The provisions allowing for ordering securities for costs apply to both domestic and foreign members of the class. This provision differs from the general provision on securities for costs since in individual cases normally only claimants domiciled in a country outside the EU and EEA area can be ordered to provide security for costs (see the AJA, Section 321). In an exceptional Supreme Court decision from 2018, the Court, however, ruled that even a Danish domiciled claimant could be ordered to provide security for costs (i.e., avoiding risk of circumventing cost awards), and more particularly where the claimant party had acquired the claim in question and been particularly established as special vehicle for the purpose of the court action.

One of the criteria for approving a class action is whether it is possible and feasible to notify the potential class members of the case. It may be argued that in many instances it may be more difficult to notify foreign parties of a class action in Denmark. The question does not appear to have been tested in any of the approved class actions and most of them have primarily related to potential class members residing in Denmark.


In the coming years, it remains to be seen whether there will be an increase in lodging of class actions and whether a current trend of funding litigation will have an impact on class action cases.

The decisions in the filed class actions against the Ministry of Justice and the state-owned broadcaster Danmarks Radio are expected as the next decisions in substance in class action cases. They will also be the first class actions against state entities.

Funding of class actions

Mass litigation may be funded in a number of ways. Specifically, for class actions the predominant method seen in Denmark so far has been to set up a separate association to act as the group representative, which is funded by its members – the potential class members.

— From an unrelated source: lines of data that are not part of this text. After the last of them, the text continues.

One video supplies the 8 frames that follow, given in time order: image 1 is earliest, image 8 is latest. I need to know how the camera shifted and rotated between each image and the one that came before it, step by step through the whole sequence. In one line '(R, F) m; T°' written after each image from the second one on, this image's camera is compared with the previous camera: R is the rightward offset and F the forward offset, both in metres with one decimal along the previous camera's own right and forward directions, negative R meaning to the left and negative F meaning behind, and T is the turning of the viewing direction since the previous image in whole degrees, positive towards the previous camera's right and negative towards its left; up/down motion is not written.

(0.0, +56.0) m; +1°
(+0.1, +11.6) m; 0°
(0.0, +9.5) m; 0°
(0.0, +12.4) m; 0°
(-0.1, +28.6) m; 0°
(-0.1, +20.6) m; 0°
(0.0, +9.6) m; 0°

In several of these cases, the group or class representative has requested that membership of the association should be a prerequisite to join the class action. In the Trelleborg cases, the Eastern High Court briefly questioned whether such a criterion could be permissible but accepted it in the specific case, making reference to the fact that the defendant had not objected to it.

As another possibility to funding class actions, the emerging trend of litigation funding should be mentioned.

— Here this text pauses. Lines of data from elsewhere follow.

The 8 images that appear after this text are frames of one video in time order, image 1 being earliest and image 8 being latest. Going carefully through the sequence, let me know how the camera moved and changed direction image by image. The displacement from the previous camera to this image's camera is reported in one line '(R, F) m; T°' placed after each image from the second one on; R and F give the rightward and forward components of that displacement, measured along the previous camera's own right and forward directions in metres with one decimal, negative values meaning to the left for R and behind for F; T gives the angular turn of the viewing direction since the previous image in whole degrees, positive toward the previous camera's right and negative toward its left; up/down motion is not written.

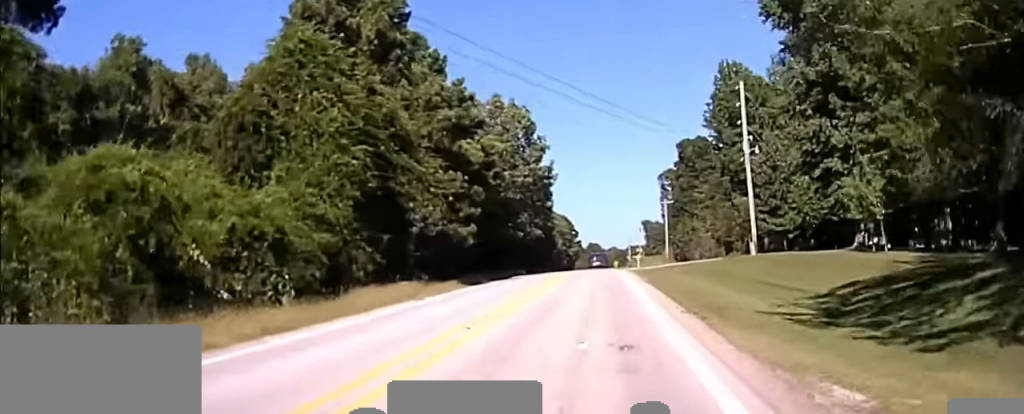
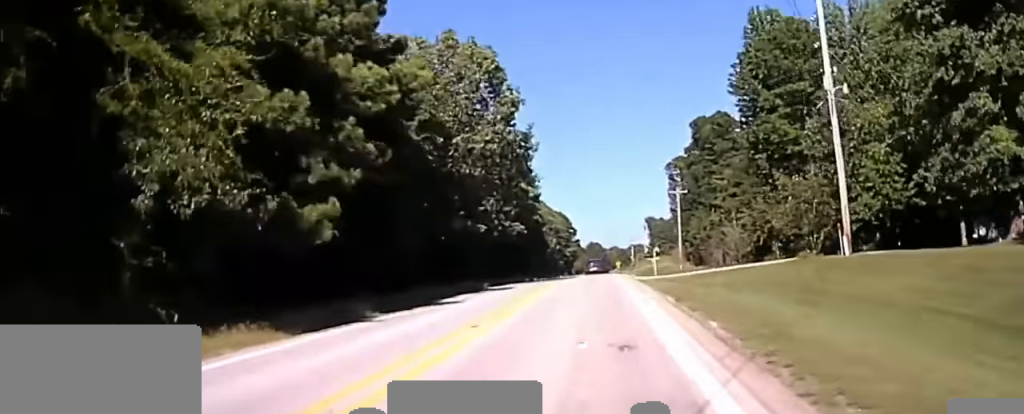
(0.0, +18.9) m; 0°
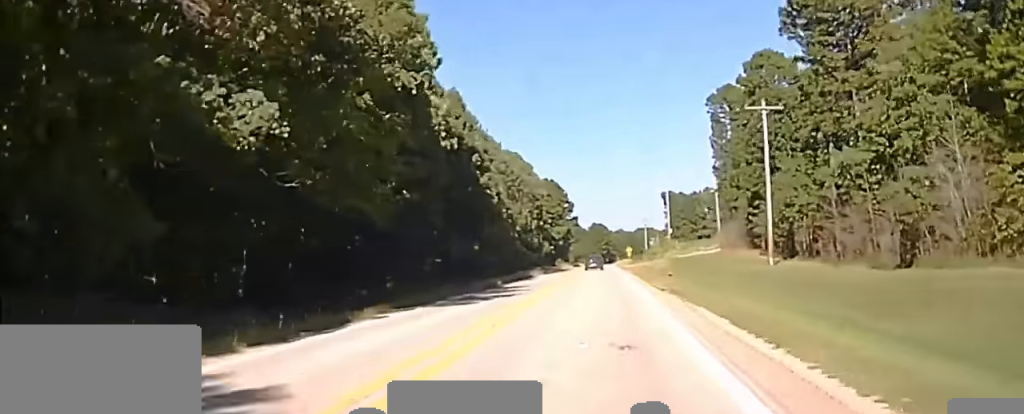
(+0.1, +57.5) m; 0°
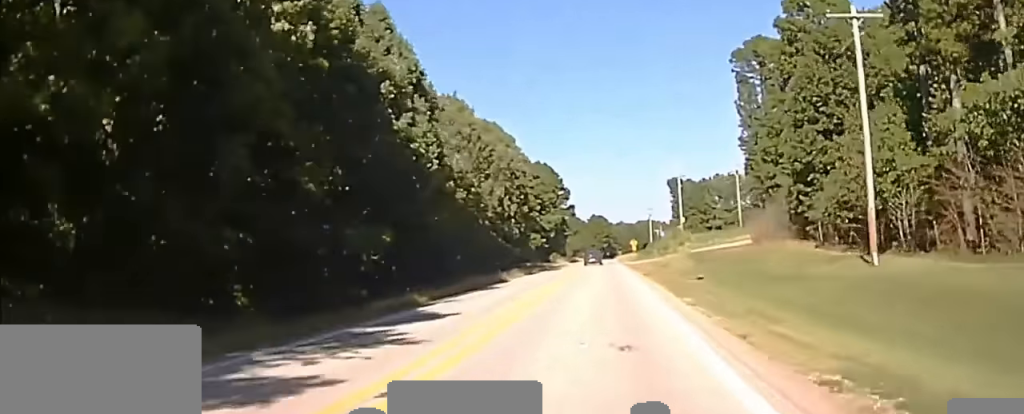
(-0.2, +23.5) m; 0°
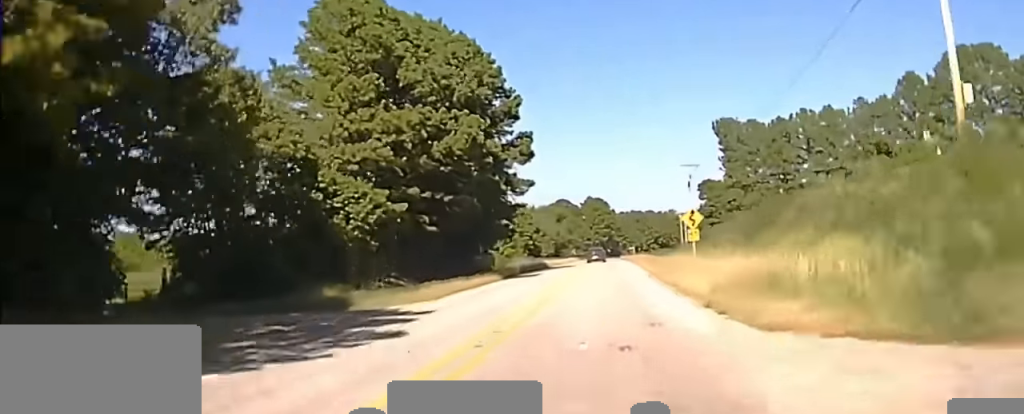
(+0.7, +120.4) m; +1°
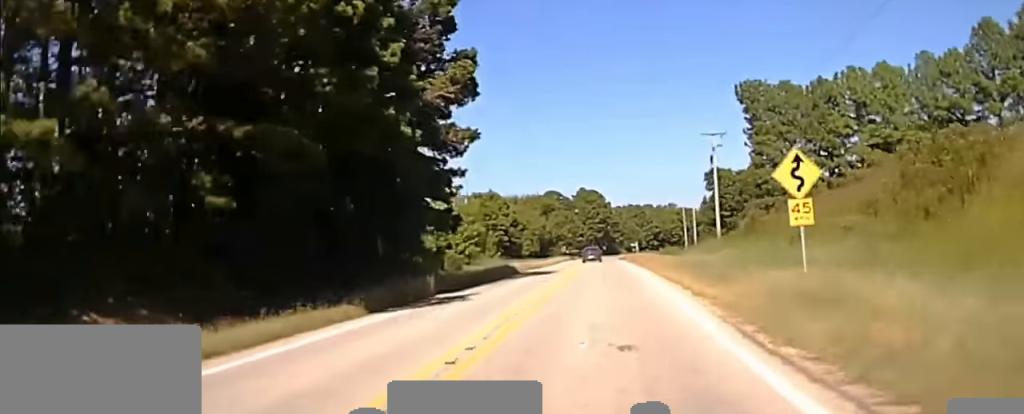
(0.0, +28.5) m; 0°
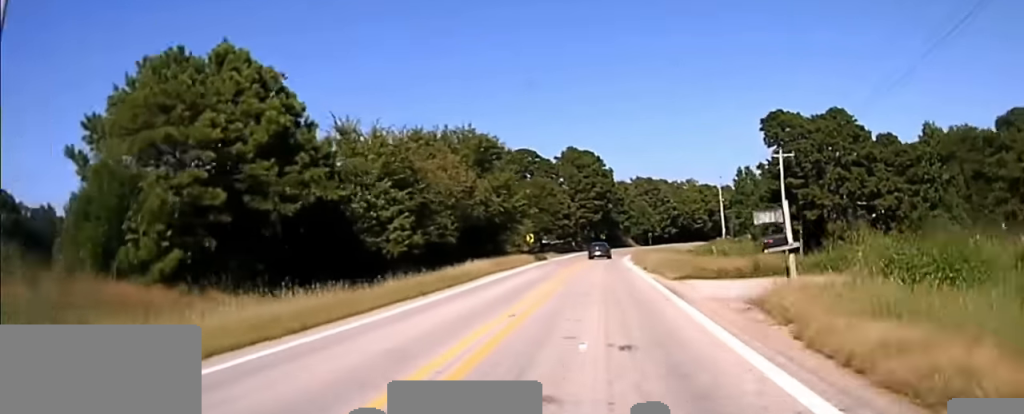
(-0.2, +62.3) m; 0°
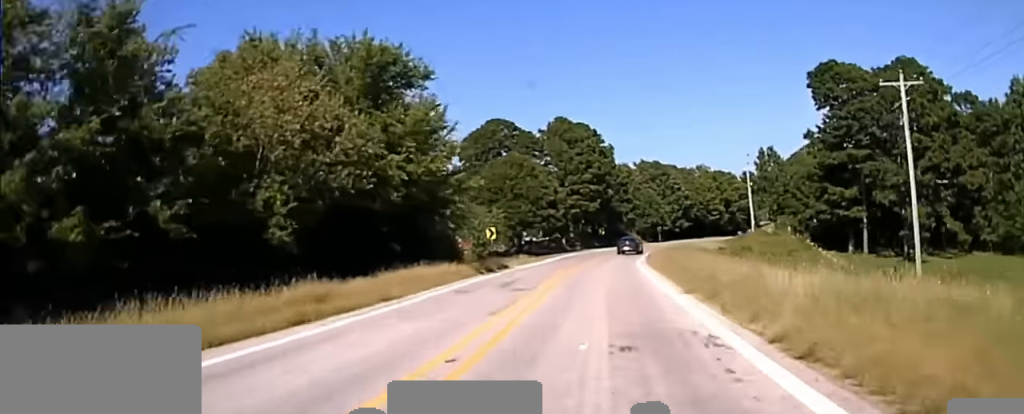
(0.0, +24.4) m; 0°

Class actions – primarily in consumer cases – may also benefit from free legal aid (fri proces) to the effect that the members of the class action are not obliged to pay legal costs in relation to the handling of the case. This applies, for instance, to the Danmarks Radio class action mentioned above.

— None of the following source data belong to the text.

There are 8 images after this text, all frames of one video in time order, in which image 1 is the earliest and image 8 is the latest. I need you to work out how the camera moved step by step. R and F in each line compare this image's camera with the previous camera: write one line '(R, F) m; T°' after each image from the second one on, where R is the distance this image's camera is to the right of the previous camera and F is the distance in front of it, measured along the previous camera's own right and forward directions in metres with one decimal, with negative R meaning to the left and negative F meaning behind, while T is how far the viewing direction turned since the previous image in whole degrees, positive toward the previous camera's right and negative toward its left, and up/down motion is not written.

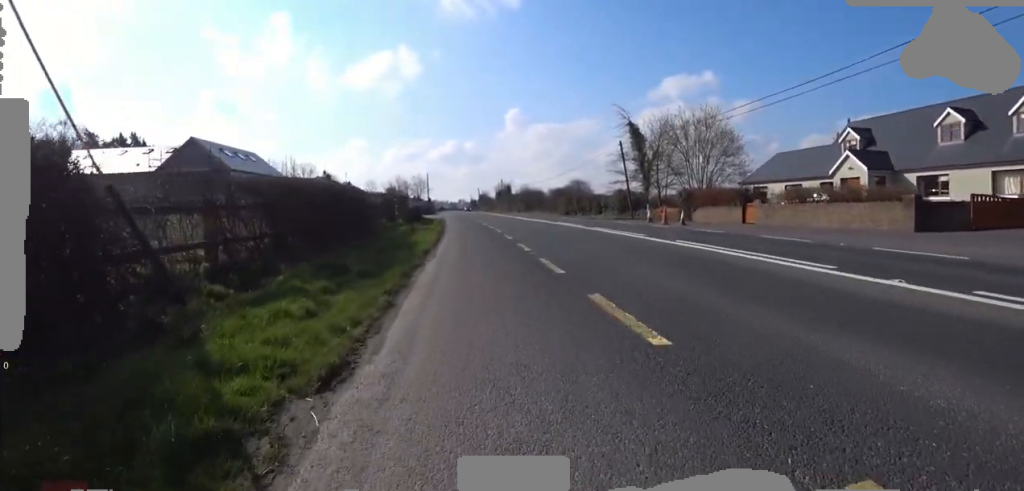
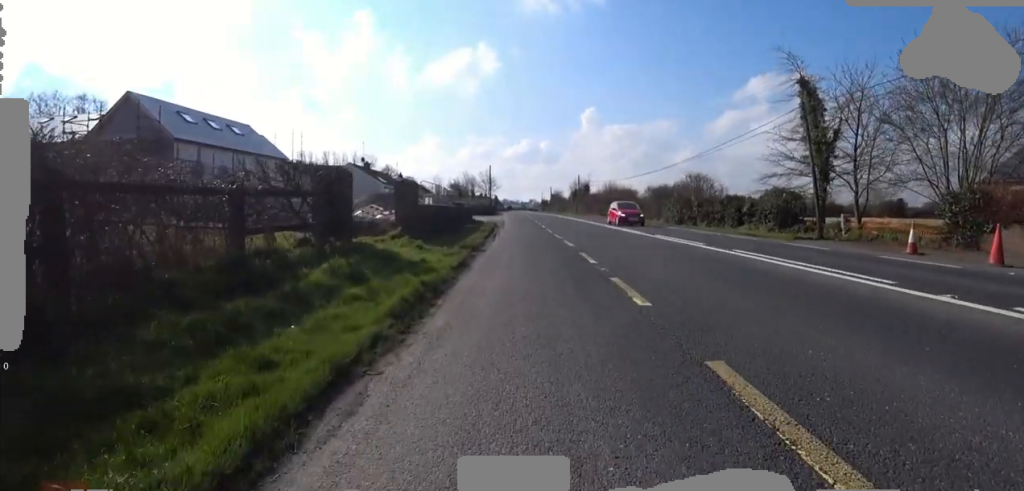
(-1.5, +14.2) m; -10°
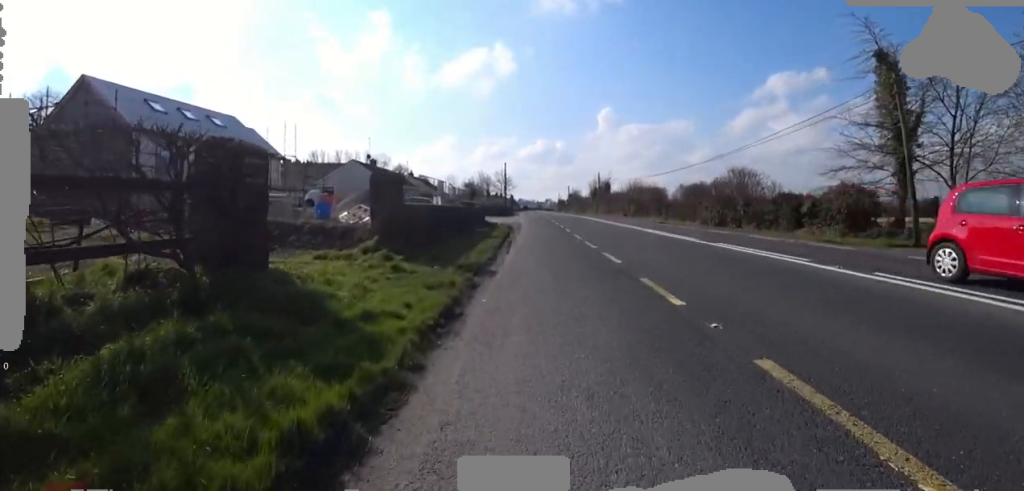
(-0.3, +3.9) m; -6°
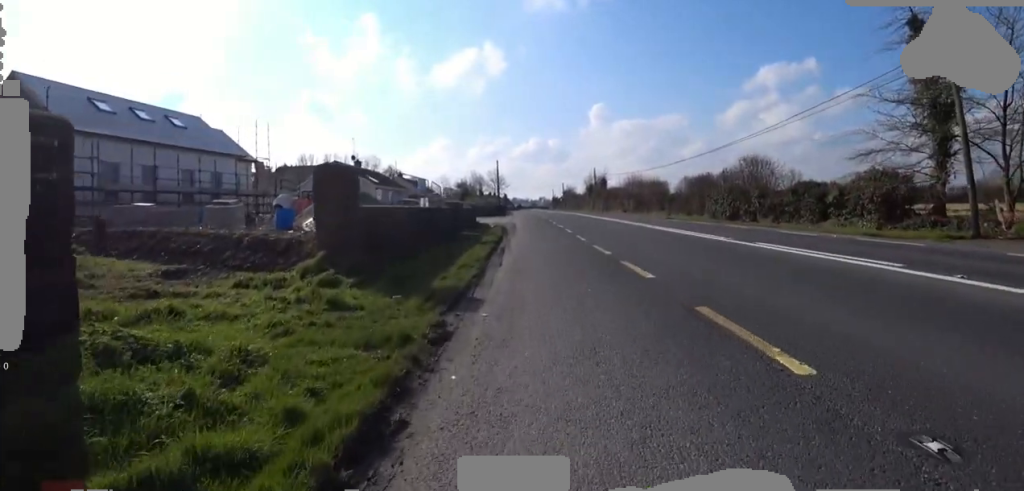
(-0.1, +2.4) m; -1°
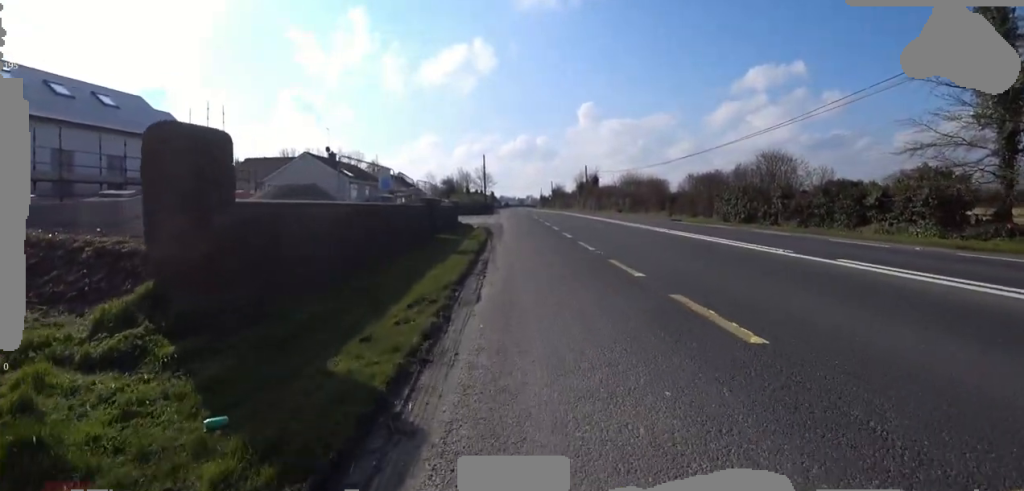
(-0.2, +3.4) m; +7°
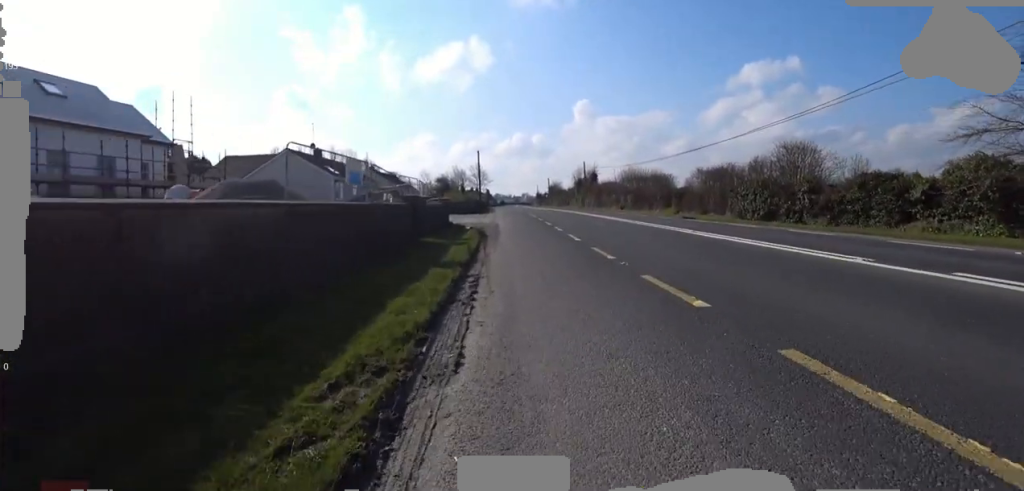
(+0.4, +2.1) m; +2°
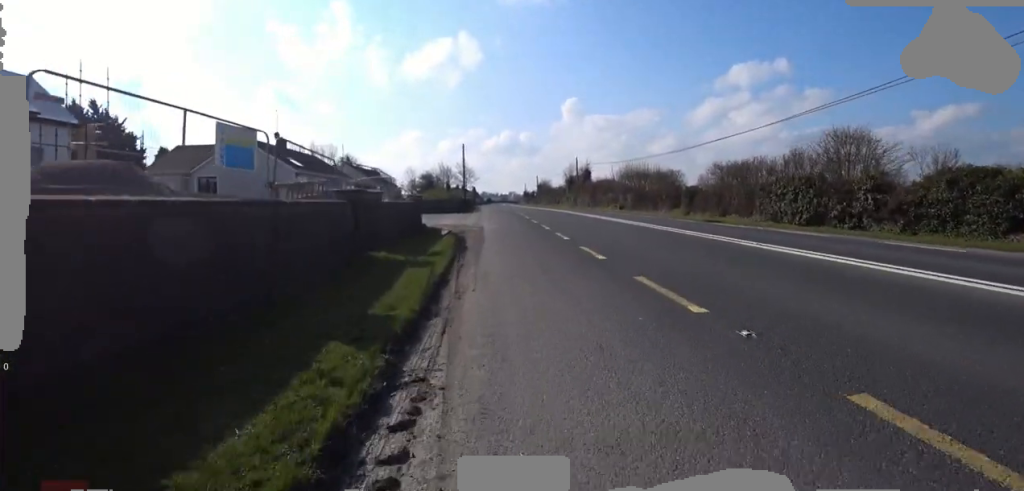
(+0.3, +3.9) m; +1°
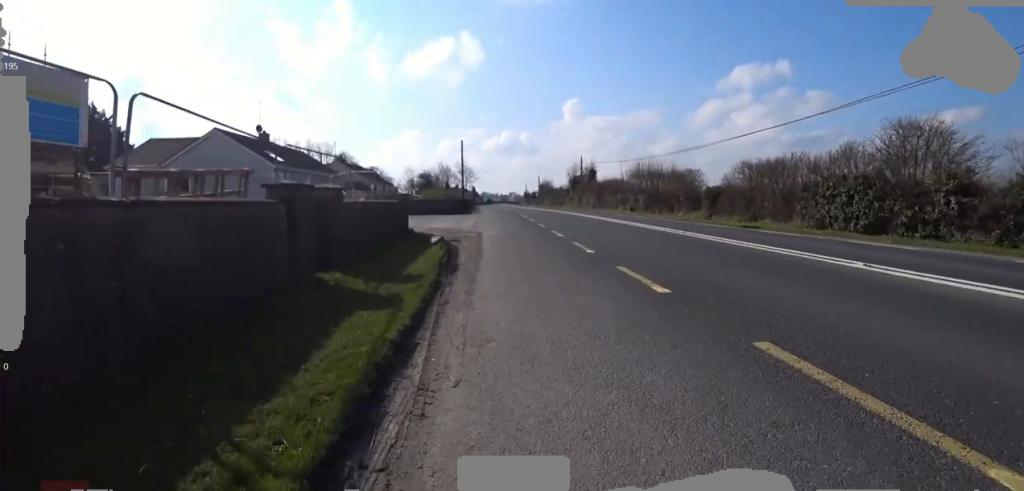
(-0.4, +2.7) m; -2°

1 Christian Alsøe is a partner, Søren Henriksen is an attorney-at-law and Morten Melchior Gudmandsen is an assistant attorney at Gorrissen Federspiel.

2 See pages 214–218 of the White Paper prepared by the Commission for the Administration of Justice (Retsplejerådet) in connection with the preparation of the bill on the introduction of group litigation into Danish law.

3 Reference is made to Section I for other types of group litigation available under Danish law.

4 See Section 254 c(1) of the AJA. Other requirements, such as the financial ability to represent the class action members, apply. The Danish Consumer Ombudsman is currently the only public authority with statutory authorisation to be elected class action representative. As a consequence, only the Danish Consumer Ombudsman can be elected class representative in opt-out class actions as set out in Section 254 e(8) of the AJA.

5 See Section 254 e(8) of the AJA.

6 See the decision in the weekly periodical Ugeskrift for Retsvæsen 2019, page 962.

7 See the unpublished Eastern High Court decisions of 21 June 2012 in cases 1198/11 and 1255/11 and published Roskilde Bank case in the weekly periodical Ugeskrift for Retsvæsen 2016, page 1,014.

8 See published Eastern High Court decision in Ugeskrift for Retsvæsen 2018, page 3,361.

9 Our translation of page 24 of the white paper prepared by Retsplejerådet in connection with the preparation of the bill on the introduction of group litigation into Danish law.

10 See published decision in Ugeskrift for Retsvæsenet 2013, page 1,107.

11 See Act of Parliament No. 1541 of 13 December 2016.